This week, animal welfare organisations in Romania have described the situation there as critical. The plight of Romanian stray dogs following the implementation of the recent culling law [ featured A,B,C,D] has become an emergency. Four Paws wrote:-
"The new law allows the killing of stray dogs after they have been kept in a dog shelter for 14 days. It is hugely unrealistic to think that the dogs could be adopted within such a short time. In addition, there are not enough shelters, food or veterinary care for the dogs. The law has condemned hundreds of thousands of Romanian stray animals to death."
Bagdat Oz, working with Rescuing European Animals in Need (REAN) said :-
"No dog is safe there anymore. We need to get these dogs out of that country ASAP"
She has been rightly critical of the UK and international media's lax attitude to this catastrophe. One local newspaper, the Forfar Dispatch took up the cause. They quote Gail Brown who states
"Even household pets are being targeted. I have heard of one woman's dog being shot right in front of her." She continued: "And people over there who are trying to help the dogs are being attacked themselves. The situation is out of control."
In their urgent appeal REAN wrote
"Animal lovers throughout the world are outraged with this unreasonable and horrific decision, and are trying their best to save as many dogs as they can from this biggest dog massacre in Europe's history"
There is a clear and present danger to dogs in Romania. Supporting REAM's view, Four Paws writes
"In the light of recent investigations FOUR PAWS is worried that the killing of dogs by physical violence and poisoning has already spiralled out of control. The local police even seem to ignore the barbaric killings of stray dogs which have happened up to now. Obviously people don't know that killing an animal comes under criminal law, and clearly the police ignore it. It is now public that one man also died from eating poisoned sausages intended for dogs. Police must take immediate action or we take them to court",
Having suffered violence at the hands of dog catchers, stray dogs are locked in public shelters and often denied food and water. Their fragile lives cut short with a glimmer of hope from rescuers and adopters.

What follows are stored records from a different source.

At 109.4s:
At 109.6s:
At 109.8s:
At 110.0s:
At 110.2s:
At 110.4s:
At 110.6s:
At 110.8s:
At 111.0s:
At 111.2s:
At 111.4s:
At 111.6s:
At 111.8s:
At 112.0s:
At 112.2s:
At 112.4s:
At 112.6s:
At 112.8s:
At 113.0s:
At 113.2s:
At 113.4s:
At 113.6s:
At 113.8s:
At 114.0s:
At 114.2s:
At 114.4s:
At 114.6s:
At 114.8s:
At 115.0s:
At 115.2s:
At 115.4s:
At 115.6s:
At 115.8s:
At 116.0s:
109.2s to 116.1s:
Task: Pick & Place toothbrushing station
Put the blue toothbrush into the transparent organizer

Unfortunately, rescues are erratic and plagued by serious underfunding, making the process painfully slow - a catastrophe situation for dogs who have very little time.

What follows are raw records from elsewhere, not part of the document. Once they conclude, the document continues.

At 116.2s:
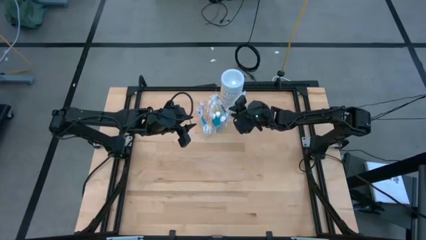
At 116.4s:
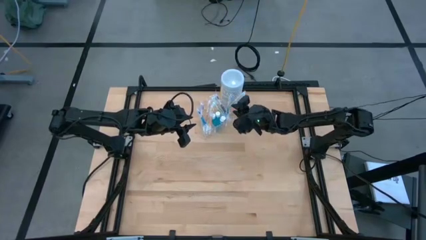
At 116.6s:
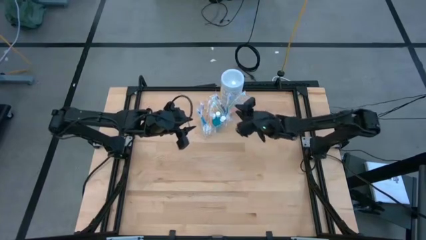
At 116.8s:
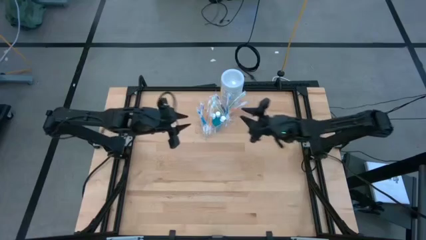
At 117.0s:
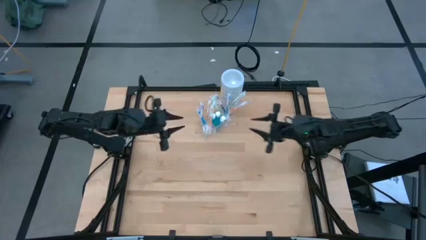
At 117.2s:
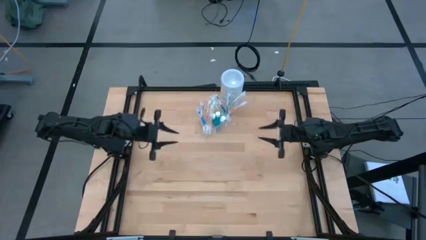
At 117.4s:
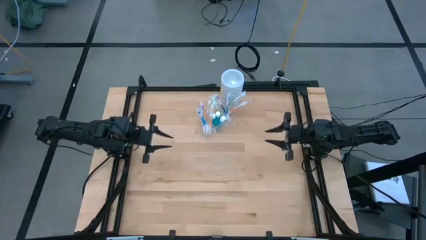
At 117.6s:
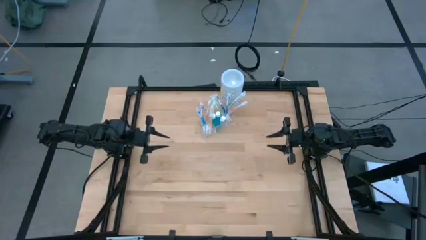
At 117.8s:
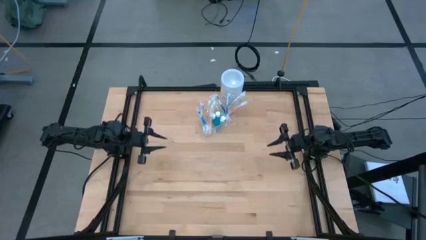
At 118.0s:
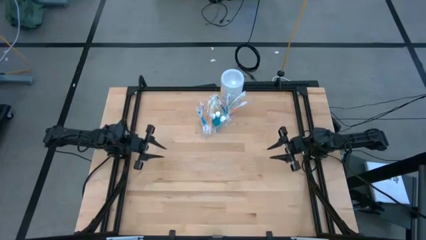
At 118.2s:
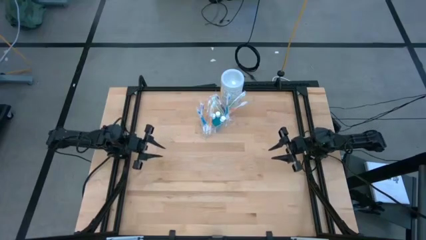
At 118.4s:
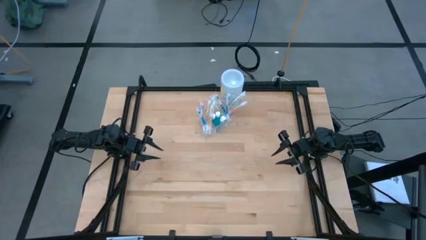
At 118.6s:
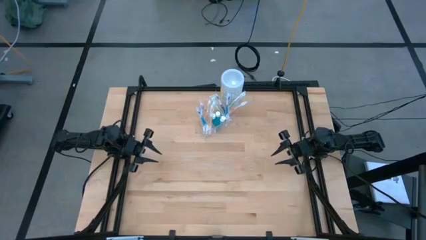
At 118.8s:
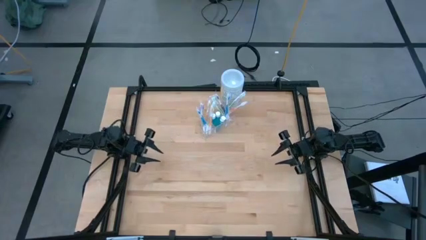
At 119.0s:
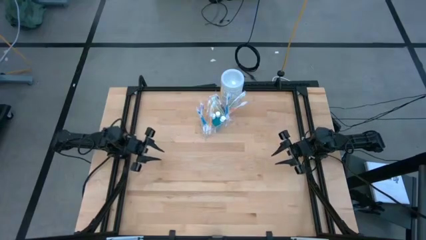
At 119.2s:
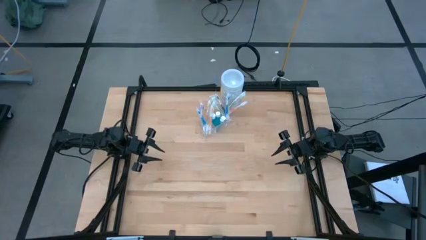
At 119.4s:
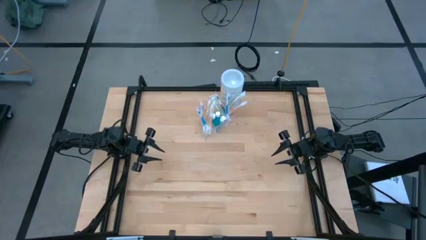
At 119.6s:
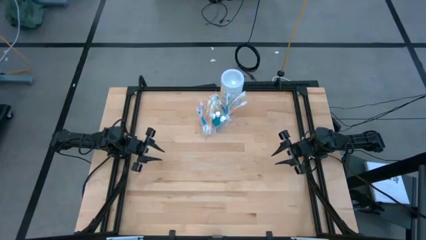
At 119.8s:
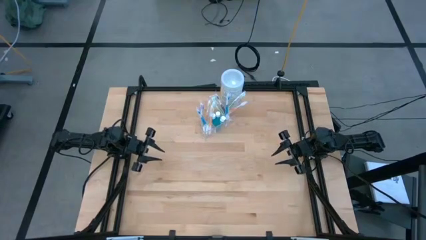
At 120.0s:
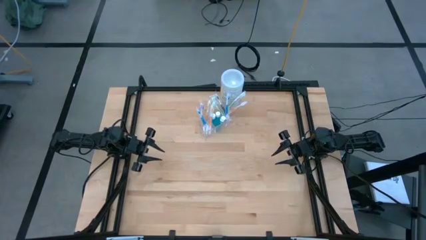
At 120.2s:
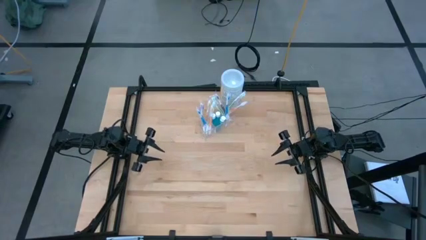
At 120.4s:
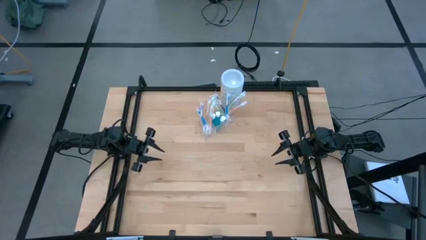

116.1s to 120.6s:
Return to Home Position

Adopting a Romanian dog will not only extend its life but save them from a painful, horrific death. Rescuers use Facebook.com to engage support, adoptions and donations. Your country will have a support/campaign group there and it is worth researching potential adoptions through them.

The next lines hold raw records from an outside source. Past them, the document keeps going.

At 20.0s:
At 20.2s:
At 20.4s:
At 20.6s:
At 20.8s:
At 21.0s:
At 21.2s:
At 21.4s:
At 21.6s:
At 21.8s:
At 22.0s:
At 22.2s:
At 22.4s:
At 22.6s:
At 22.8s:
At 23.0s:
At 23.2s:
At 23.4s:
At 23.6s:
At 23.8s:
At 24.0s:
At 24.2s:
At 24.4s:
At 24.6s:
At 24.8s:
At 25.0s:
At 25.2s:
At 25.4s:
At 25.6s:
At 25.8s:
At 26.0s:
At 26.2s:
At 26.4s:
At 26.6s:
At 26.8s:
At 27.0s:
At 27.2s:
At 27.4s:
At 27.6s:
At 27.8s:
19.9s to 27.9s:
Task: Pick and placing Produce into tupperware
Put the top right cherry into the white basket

Romanian Insider wrote a useful guide for Bucharest here , and international adoption is covered here . The UK's http://www.adoptarescuedog.co.uk/ is a useful primary resource, and first time owners can download the Dog Trust's advice on this subject. Before you Adopt is also a very useful guide. .
Prior to adoption, careful consideration must be given to affordability and your ability to take care of a dog. Adopting a dog from Romanian can cost between £225-350 [mostly transportation costs - organisations vary] in comparisons to the RSPCA's costs [From £120] listed here.
Potential owners need a home check that assesses your lifestyle and ability to take care of a dog. According to Anne Lewis, of the Lost Souls Sanctuary, assessments can look at "height of fences, secure garden, sleeping arrangements, other animals, working arrangements, vet etc".
She also warns "I'd also get a vet reference as these give you a good indication of how they look after their animals". After making an informed decision to adopt, its worth contacting one of the organisations listed here to select the dog you like. Most organisations will guide you through the process and suggest transportation. All dogs require a Pet Passport, Microchip, Vaccines, Health Certificate and a copy of the person's passport.
To lower the costs of adoption, Four Paws team in Bucharest has offered free neutering, rabies vaccine, passport vaccinations, micro chipping and registration. Transportation can either be by plane [ Check approximate flight prices] or by road ELI Pet Transport [firstname.lastname@example.org] organises transport and is rumoured to give discounts for transporting multiple pets. An alternative is Europet .
Many organisations have taken to Facebook to raise much needed funds and feature dogs who require assistance. Romanian Emergency Dog Rescue attempts to feature posts listed by local individuals and organisations. Like all online pleas, it's important to check that the organisation is reliable before you donate. That said, local reliable individuals like Galati based Paun Daniela do excellent work, and are solely dependent on public donations.
Bagdat Oz suggests, those who cannot adopt or sponsor can raise the awareness of the plight of the issue by leafleting, fund raising, social networking. Indeed Facebook is teeming with individual rescuers raising funds for local organisations and facilitating the rescue of dogs from Romania.
Those who have adopted Romanian dogs say it is extremely rewarding. Those who want to adopt can make it happen through Facebook, as there are many people willing to assist. Every life is worth saving, and while we cannot control the way governments work, we can all do something to help. Doing nothing in a state of emergency is no longer an option.